### GOAL OF THE EXERCISE
I'd like the entries reproduced exactly, with the images omitted.

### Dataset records
•••

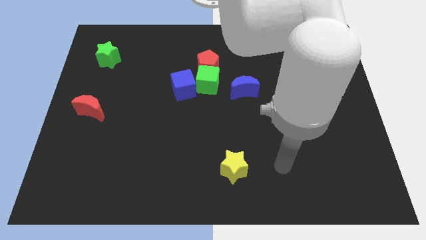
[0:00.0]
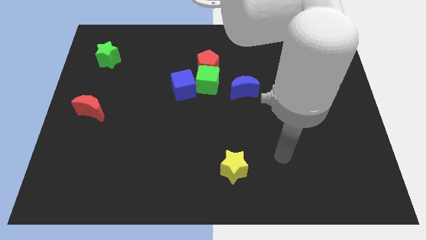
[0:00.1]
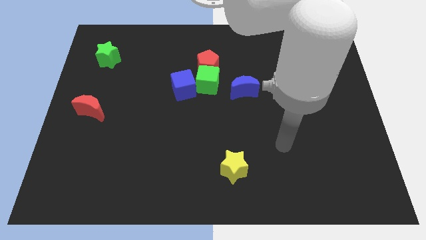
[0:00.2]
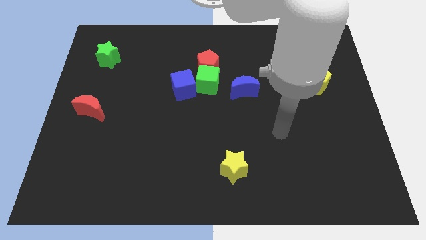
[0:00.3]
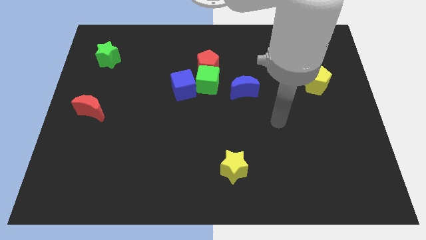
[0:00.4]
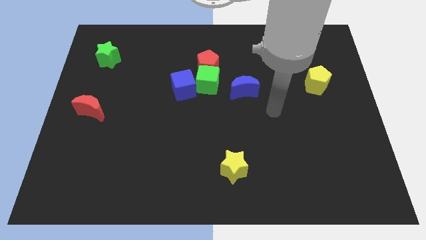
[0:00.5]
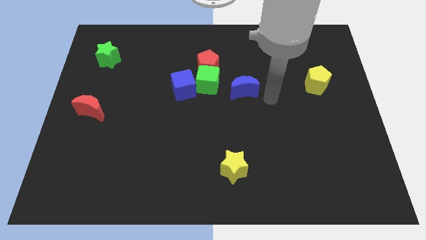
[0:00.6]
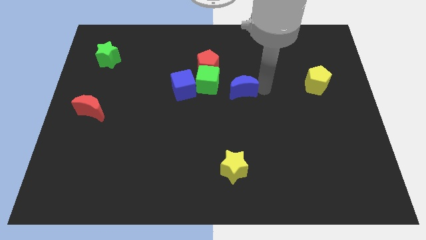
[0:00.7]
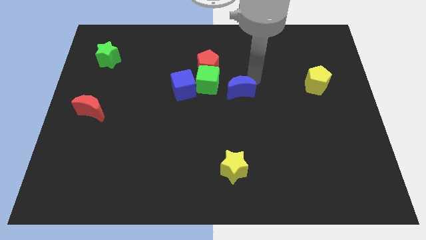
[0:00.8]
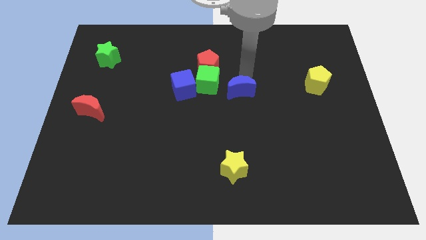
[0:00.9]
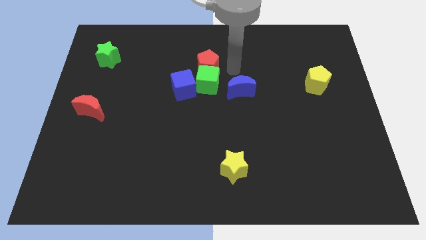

•••

### WRITTEN SOLUTION
[0:00.0]
[0:00.1]
[0:00.2]
[0:00.3]
[0:00.4]
[0:00.5]
[0:00.6]
[0:00.7]
[0:00.8]
[0:00.9]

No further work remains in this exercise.